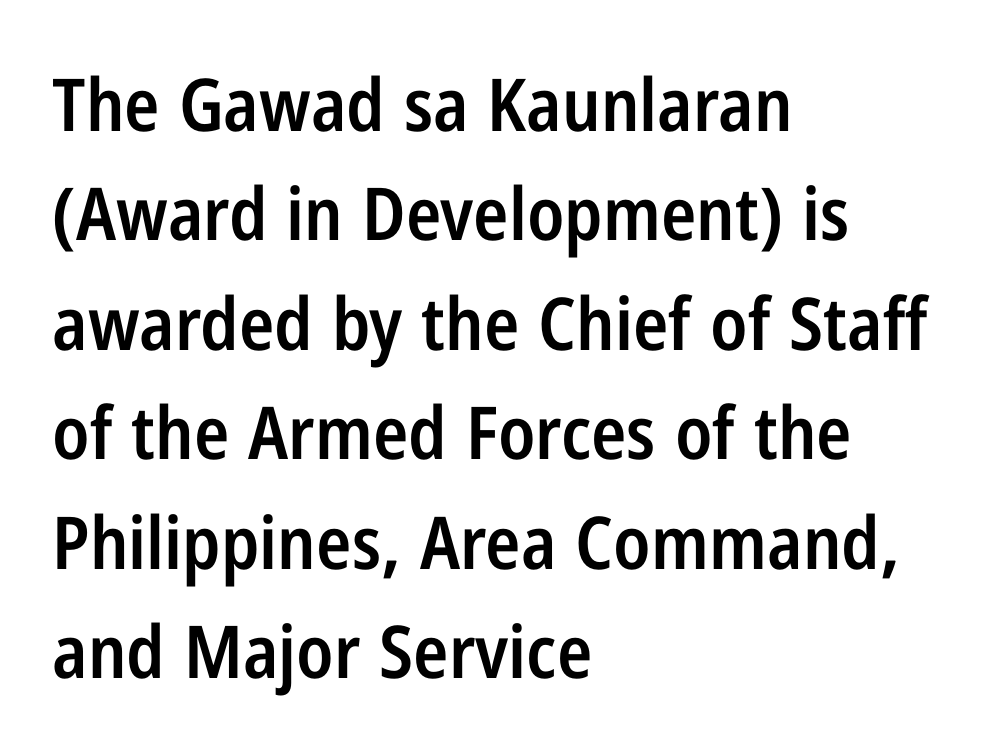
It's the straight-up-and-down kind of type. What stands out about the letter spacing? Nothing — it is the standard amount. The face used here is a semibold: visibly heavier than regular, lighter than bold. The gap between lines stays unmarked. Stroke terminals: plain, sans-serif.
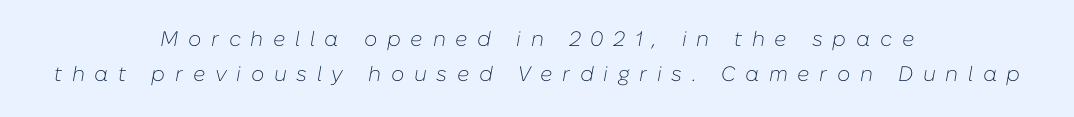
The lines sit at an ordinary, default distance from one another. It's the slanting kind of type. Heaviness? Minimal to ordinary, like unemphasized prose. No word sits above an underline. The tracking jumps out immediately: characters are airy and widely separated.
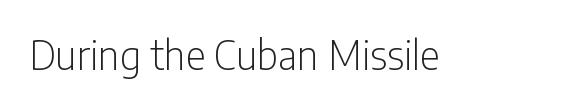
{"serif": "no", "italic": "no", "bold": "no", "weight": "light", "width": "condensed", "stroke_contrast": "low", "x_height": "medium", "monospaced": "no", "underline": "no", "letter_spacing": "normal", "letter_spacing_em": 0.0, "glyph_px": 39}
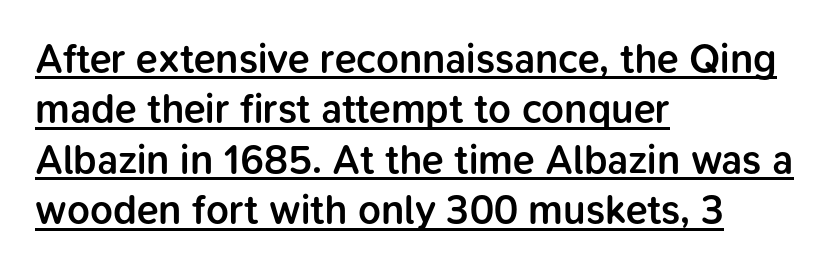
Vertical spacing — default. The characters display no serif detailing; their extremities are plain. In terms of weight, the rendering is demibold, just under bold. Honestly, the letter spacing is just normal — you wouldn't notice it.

***

• What you should do: From the data above, copy each line that has the string "underline".

• Written solution:
The lines sit at an ordinary, default distance from one another. It's the slanting kind of type. Heaviness? Minimal to ordinary, like unemphasized prose. No word sits above an underline. The tracking jumps out immediately: characters are airy and widely separated.
{"serif": "no", "italic": "no", "bold": "no", "weight": "light", "width": "condensed", "stroke_contrast": "low", "x_height": "medium", "monospaced": "no", "underline": "no", "letter_spacing": "normal", "letter_spacing_em": 0.0, "glyph_px": 39}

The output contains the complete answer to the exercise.